Lo daba todo esto como indiscutible. Yo me eché a temblar. Cuanto más odio hubiese por María Cristina, más peligrosa era mi situación. La verdad es que luego he oído hablar en serio de envenenamientos hechos por gentes de Palacio, entre ellos el de la segunda mujer del infante Don Francisco.

—Pero ¿usted cree que todo eso es verdad? —le pregunté a Castelo.

—¡Si es! Es el Evangelio.

—¡Demonio!

—Sí, sí, es usted cristino —dijo Castelo—; lo va usted a pasar mal. Ahora va de veras; no debía usted salir a la calle, le pueden dar algún disgusto.

—Por eso venía a verle a usted, que tiene influencia —le dije.

—¿Qué quiere usted que yo haga?

—Mi casa está cerca de la plaza del Progreso, y aquello es un ir y venir de gente que se han constituido en amos, hacen lo que les da la gana y han formado una lista de sospechosos.

—¿Dónde vive usted?

—En la calle de San Pedro Mártir.

—¿Hacia dónde está eso?

—Hacia Lavapiés.

—¡Toma, yo le creía a usted rico! De poco le ha servido su amistad con Cristina.

—Tengo mi sueldo de intendente, y de él vivo.

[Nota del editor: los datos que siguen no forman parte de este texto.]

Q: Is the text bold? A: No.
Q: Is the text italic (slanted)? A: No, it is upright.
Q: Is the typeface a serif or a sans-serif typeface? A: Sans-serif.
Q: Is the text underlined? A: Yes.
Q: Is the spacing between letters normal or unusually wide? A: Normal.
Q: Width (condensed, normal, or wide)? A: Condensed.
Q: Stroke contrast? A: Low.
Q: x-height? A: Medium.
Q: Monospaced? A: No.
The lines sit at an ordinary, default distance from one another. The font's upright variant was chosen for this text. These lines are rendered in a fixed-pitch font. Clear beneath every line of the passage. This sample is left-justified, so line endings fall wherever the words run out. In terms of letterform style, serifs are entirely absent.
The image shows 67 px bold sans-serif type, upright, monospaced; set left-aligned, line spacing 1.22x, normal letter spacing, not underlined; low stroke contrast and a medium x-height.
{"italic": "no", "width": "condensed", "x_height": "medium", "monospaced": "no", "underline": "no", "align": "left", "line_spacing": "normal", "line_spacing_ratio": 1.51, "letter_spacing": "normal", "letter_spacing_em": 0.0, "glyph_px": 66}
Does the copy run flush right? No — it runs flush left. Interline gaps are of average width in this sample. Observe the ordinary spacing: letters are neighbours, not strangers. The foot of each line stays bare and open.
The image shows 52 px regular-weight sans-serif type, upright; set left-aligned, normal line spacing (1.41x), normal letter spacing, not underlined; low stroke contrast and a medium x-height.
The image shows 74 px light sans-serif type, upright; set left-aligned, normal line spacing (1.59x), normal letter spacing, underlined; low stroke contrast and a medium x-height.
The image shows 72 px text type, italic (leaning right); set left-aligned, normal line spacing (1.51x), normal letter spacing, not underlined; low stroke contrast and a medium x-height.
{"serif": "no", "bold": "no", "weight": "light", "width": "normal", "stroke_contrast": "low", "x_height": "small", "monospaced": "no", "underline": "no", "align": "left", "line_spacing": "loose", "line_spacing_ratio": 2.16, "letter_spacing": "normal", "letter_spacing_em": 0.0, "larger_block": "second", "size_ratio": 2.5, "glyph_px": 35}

—Bueno, yo les diré a los patriotas de barrios bajos, y sobre todo a Pucheta, que no se metan con usted. Ahora, váyase usted, váyase cuanto antes. Aquí no hace usted más que comprometerme.

Castelo, a medida que iba ingiriendo alcohol, iba saliendo de su abatimiento sombrío y excitándose cada vez más.

Me levanté, tomé mi sombrero y, haciendo de tripas corazón, saludé lo más amablemente que pude a Paca Dávalos y a Castelo. Había dado un paso en falso.

Al salir del cuarto de lectura a la sala de billar, Castelo gritó de pronto:

—¡Oiga usted, oiga usted, señor cristino! Tengo entendido que en la tertulia del general Lersundi se ha hablado mal de mí. Usted debe de saber quién fue, porque usted iba a esa tertulia.

—Yo, no; yo no he oído hablar de usted.

—¿Usted no conoce a Macías?

—A un Macías le conocí en Méjico; pero desde entonces no le he vuelto a ver.

—Y a Luna, al inspector de Policía Luna, ¿le conoce usted?

—A ese le conocí porque fue el que me prendió hace veinte años y me llevó a la Cárcel de Corte; pero luego no he tenido noticias de él, ni sé si vive.

—Pues sí vive, y yo le he de encontrar para ajustar unas cuentas antiguas. ¿Y a Chico, no le conoce usted tampoco?

—No, no le conozco. Cuando él comenzó a intervenir en la política yo me había retirado.

—¡Si este buen señor debe de ser más viejo que Matusalén! —dijo la Dávalos.

—Pues yo me he de vengar —exclamó Castelo—; tengo que averiguar quién le dio malos informes de mí a Lersundi y después a Ordóñez. Algún amigo de Chico ha sido. Bueno; a Chico yo le tengo que ahorcar con estas manos, sí, con estas manos, y a Luna, si lo encuentro, lo moleré a garrotazos.

—Bueno, Mauricio, cálmate —dijo Paca.

—No me quiero calmar. Sí, a Chico se le harán pagar sus crímenes, y será pronto…, muy pronto…, quizá antes de veinticuatro horas.

A esto añadió Castelo gritos y blasfemias, accionando con violencia y dando puñetazos en la mesa.

—Bueno. ¡Adiós! —dije yo.

—¡Adiós!

—Celebraré que no le rompan a usted un hueso —exclamó Paca Dávalos, con su risa dolorosa, de enferma.

Castelo se echó a reír como un insensato, y debió de tener algún propósito agresivo contra mí, porque intentó levantarse y seguirme; pero el asistente le detuvo. Yo bajé corriendo las escaleras, y salí a la calle.